2. Sexual Assault by Bodily Harm
For the offense of sexual assault by bodily harm under UCMJ art. 120(b)(1)(B), the Government was required to prove that (1) Appellant caused penetration of his mouth with Cpl Harris’s penis; and (2) Appellant did so by causing bodily harm to Cpl Harris. Under art. 120, “bodily harm” is defined as “any offensive touching of another, however slight, including any nonconsensual sexual act” and “[l]ack of consent may be inferred based on the circumstances of the offense.” Appellant argues that Cpl Harris’s testimony was the only evidence presented at trial to prove lack of consent and should not be considered legally and factually sufficient.

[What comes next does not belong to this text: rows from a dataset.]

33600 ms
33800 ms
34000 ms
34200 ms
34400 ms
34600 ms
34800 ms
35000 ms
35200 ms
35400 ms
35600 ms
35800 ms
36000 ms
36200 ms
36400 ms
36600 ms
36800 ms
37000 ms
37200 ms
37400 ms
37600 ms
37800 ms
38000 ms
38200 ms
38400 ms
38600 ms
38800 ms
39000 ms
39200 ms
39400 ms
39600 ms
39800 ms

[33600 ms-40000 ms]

For the specification of sexual assault, the Government presented a theory of general lack of consent, as well as lack of informed consent since Cpl Harris was not aware of Appellant’s HIV status when the sexual act occurred. The court was convinced that Appellant committed the sexual act without Cpl Harris’s consent beyond a reasonable doubt under either theory. Citing only evidence brought forward by the victim himself, the court found that Cpl Harris’s testimony, along with “the generally corroborative evidence presented at trial,” was sufficient to determine that the act was generally nonconsensual. In addition, the court found that Appellant’s commission of the sexual act without first informing Cpl Harris of his HIV status constitutes “an offensive touching to which [Cpl Harris] did not provide meaningful informed consent,” as establish by the CAAF in Gutierrez and Forbes, and therefore, Appellant’s conduct satisfied both elements of sexual assault by bodily harm based on this theory as well. Overall, the court found that after weighing the evidence in the record of trial, the evidence was legally and factually sufficient.

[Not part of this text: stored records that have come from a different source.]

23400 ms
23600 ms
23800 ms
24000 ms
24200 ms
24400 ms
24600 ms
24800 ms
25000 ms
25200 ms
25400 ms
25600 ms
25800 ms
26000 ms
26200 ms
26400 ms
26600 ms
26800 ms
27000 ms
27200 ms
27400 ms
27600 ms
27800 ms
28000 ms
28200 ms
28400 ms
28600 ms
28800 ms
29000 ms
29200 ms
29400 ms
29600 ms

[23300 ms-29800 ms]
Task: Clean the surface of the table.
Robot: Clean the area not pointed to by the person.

In footnote 15, the court additionally considered whether the “failure to inform” theory unreasonably multiplied the sexual assault specification when charged in addition to the assault consummated by a battery specification since convictions for both specifications would rely on proving the same sexual act and the same failure to disclose Appellant’s HIV status occurred. The court found, however, that under the tests for assessing multiplicity set out by the CAAF in Armstrong, the assault consummated by a battery specification “directly charged Appellant with failing to inform Mr. Harris of his HIV status and thus facially requires proof of an element that the [other sexual assault] specification…does not; hence, the specifications are not multiplicious.”
3. Indecent Viewing
In order to convict Appellant of indecent viewing under UCMJ art. 120c(d)(2), the Government was required to prove that Appellant (1) knowingly and wrongfully viewed the private area of Cpl Harris, (2) that such viewing occurred without the consent of Cpl Harris, and (3) under circumstances in which Cpl Harris had a reasonable expectation of privacy. Despite Appellant’s argument that the only evidence presented at trial by the Government was the testimony of the victim, the court again found that this evidence was enough to convince them of Appellant’s guilt beyond a reasonable doubt. Recounting only Cpl Harris’s testimony of the incident, and determining that Cpl Harris had a “reasonable expectation of privacy in his own shower,” the court determined that the evidence was legally and factually sufficient to support a conviction of indecent viewing.